И Таня открыла стеклянную дверь на веранду.
– Обменялся любезностями с хозяюшкой? – Дмитрий Стеличек встал с кожаного кресла и протянул другу руку.
Непривычно коротко стриженый, Митя сидел и смотрел вдаль, закинув ноги на журнальный столик. Он был в шортах из белой замши и в футболке с аккуратно пришитой чёрной ленточкой. Рольник уже в который раз заметил, что фигура у Мити отменная, хотя никаким спортом он сейчас не занимается. Аэробику племянник Веталя забросил ещё перед арестом, в восемьдесят четвёртом году.

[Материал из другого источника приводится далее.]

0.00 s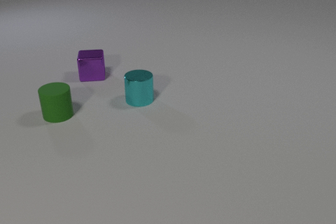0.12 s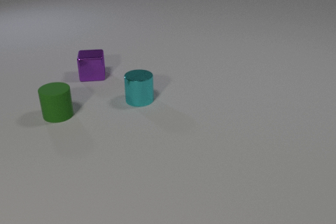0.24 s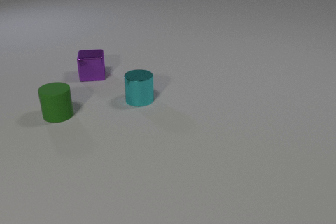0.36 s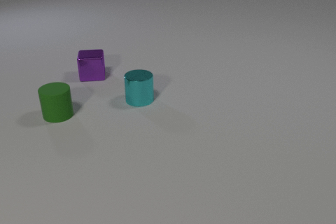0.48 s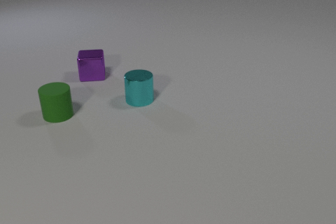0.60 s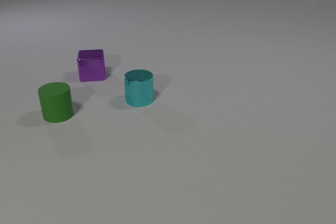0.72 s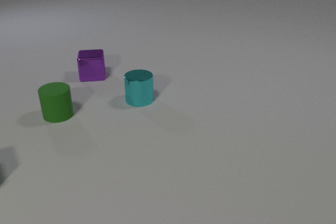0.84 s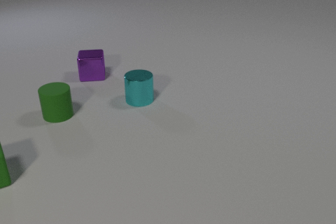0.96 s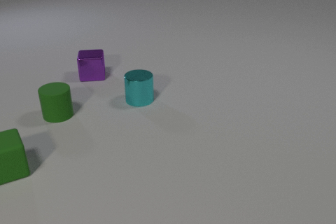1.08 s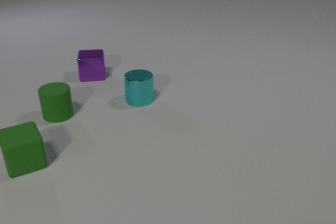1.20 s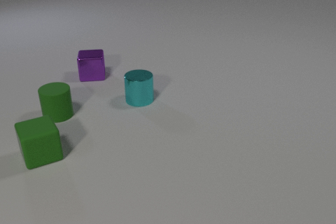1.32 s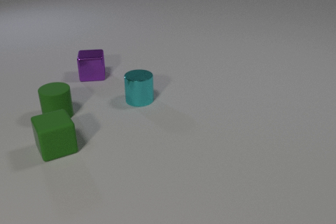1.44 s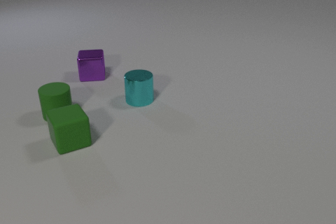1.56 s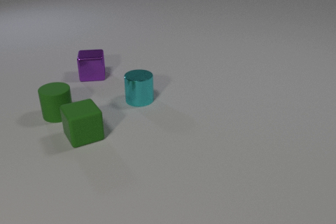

– Как увижу Таню с Боженой, как и хочется жениться вторично.
– Кто ж мешает? – Дмитрий подтянул к себе второе кресло из мягкой серой кожи. – Танька обещала кофе сварить?
На веранде стоял бельгийский гарнитур для холла – кроме кресел, два дивана и этот самый столик. На нём стояла длинная узкая ваза с нарциссами.
– Я ей сам кофе заказал.
Рольник сел в кресло и сцепил на колене длинные пальцы, тоже усыпанные веснушками.